Extracted records:
:::::
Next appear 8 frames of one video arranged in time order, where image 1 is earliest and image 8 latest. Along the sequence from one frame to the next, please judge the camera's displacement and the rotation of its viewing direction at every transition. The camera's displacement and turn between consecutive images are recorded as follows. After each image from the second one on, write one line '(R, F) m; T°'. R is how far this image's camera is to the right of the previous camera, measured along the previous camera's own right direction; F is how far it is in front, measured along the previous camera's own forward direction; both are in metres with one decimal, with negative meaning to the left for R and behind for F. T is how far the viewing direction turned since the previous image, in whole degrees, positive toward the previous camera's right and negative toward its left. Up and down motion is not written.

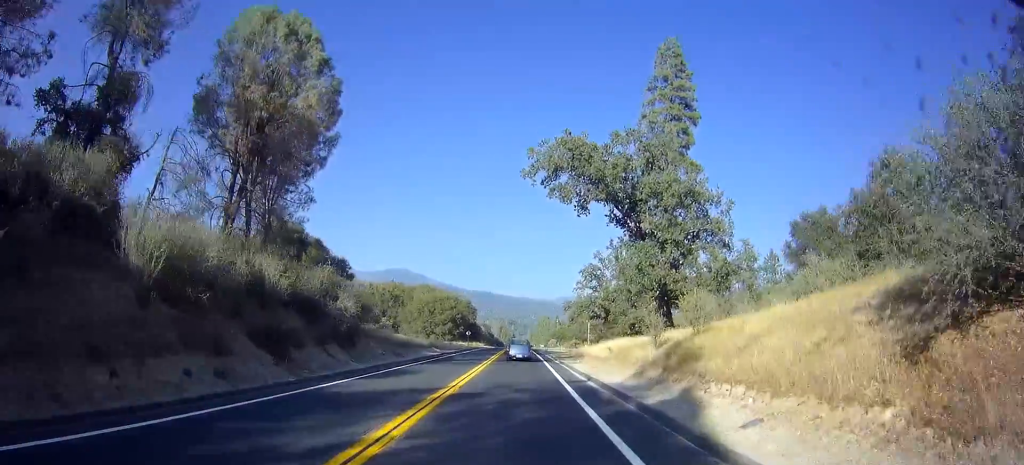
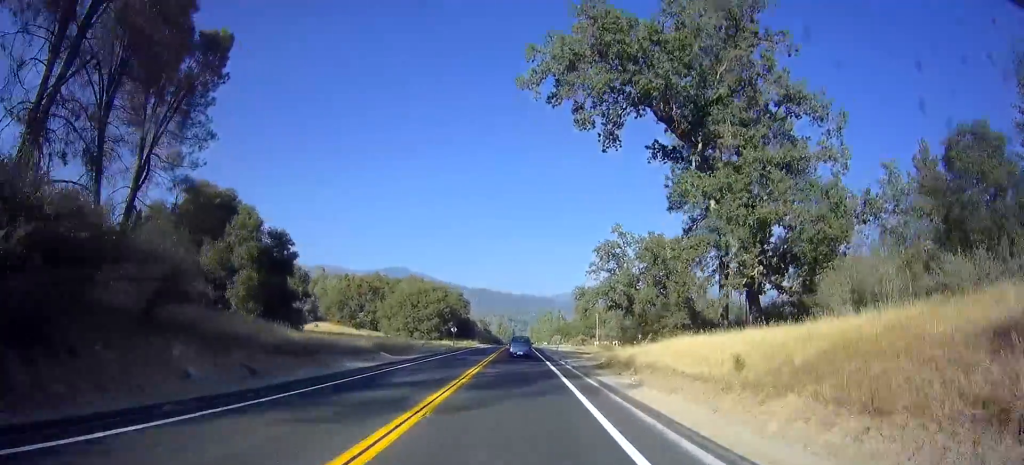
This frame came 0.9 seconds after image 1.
(-0.4, +19.2) m; 0°
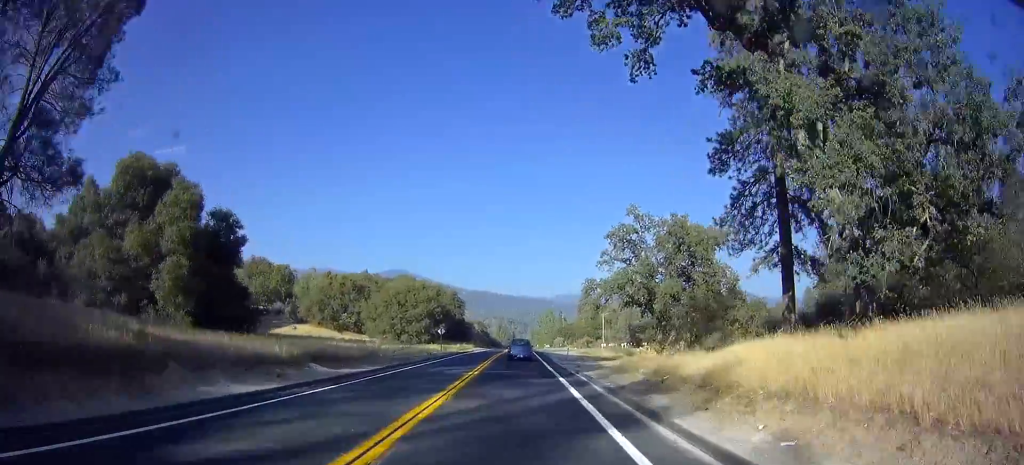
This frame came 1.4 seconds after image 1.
(+0.2, +11.2) m; 0°
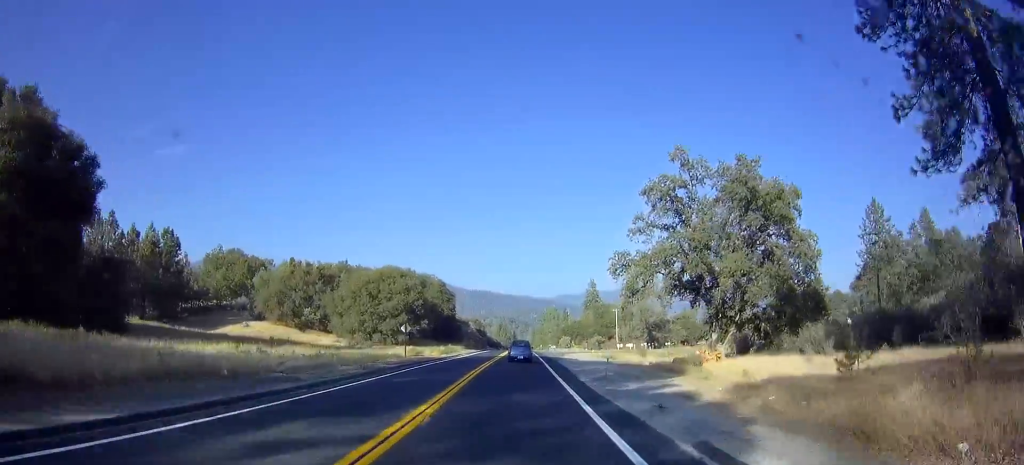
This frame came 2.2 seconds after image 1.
(0.0, +18.7) m; 0°
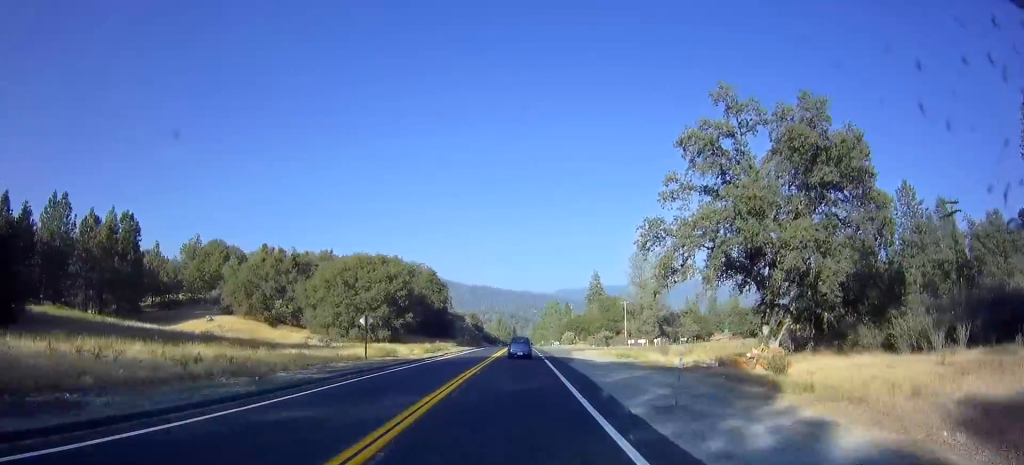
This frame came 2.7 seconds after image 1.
(-0.1, +10.4) m; 0°
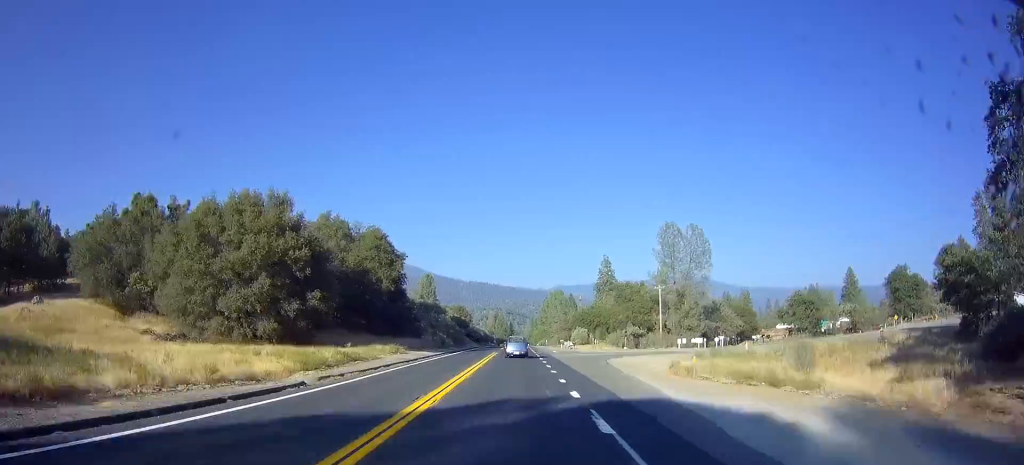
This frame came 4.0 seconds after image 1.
(+0.2, +30.6) m; 0°
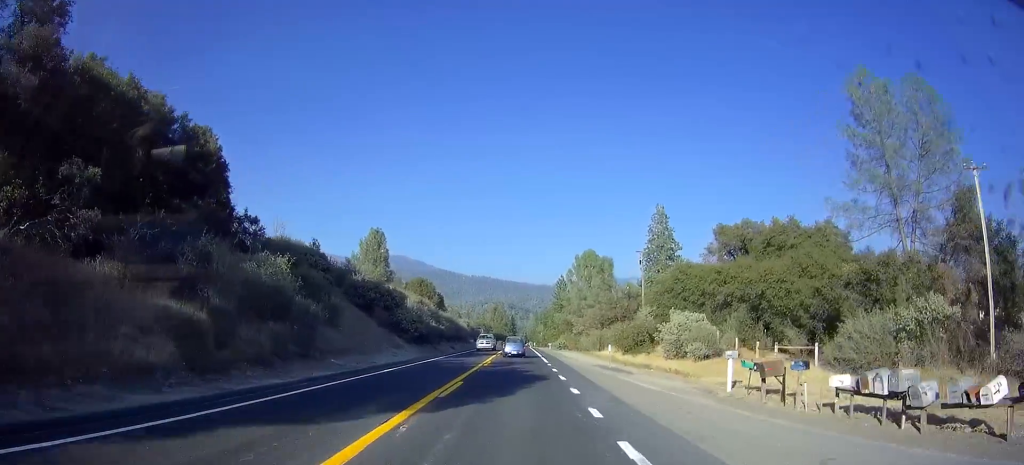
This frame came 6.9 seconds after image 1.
(+0.3, +62.6) m; +1°
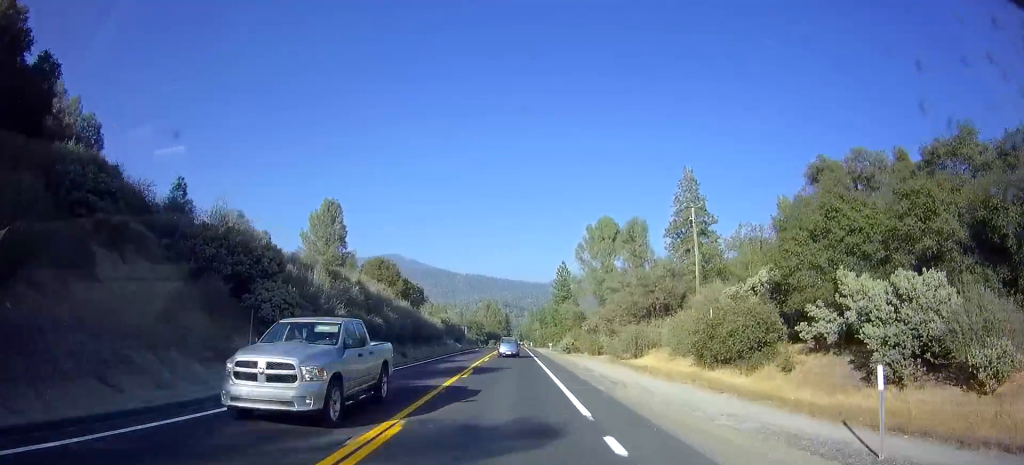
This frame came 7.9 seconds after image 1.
(+0.1, +22.8) m; 0°
:::::
# Activity:
Skip every picture. Repeat word for word the lines from the line holding "This frame came 4.0 seconds after image 1." through the end of the entries above.

# Result for this task:
This frame came 4.0 seconds after image 1.
(+0.2, +30.6) m; 0°
This frame came 6.9 seconds after image 1.
(+0.3, +62.6) m; +1°
This frame came 7.9 seconds after image 1.
(+0.1, +22.8) m; 0°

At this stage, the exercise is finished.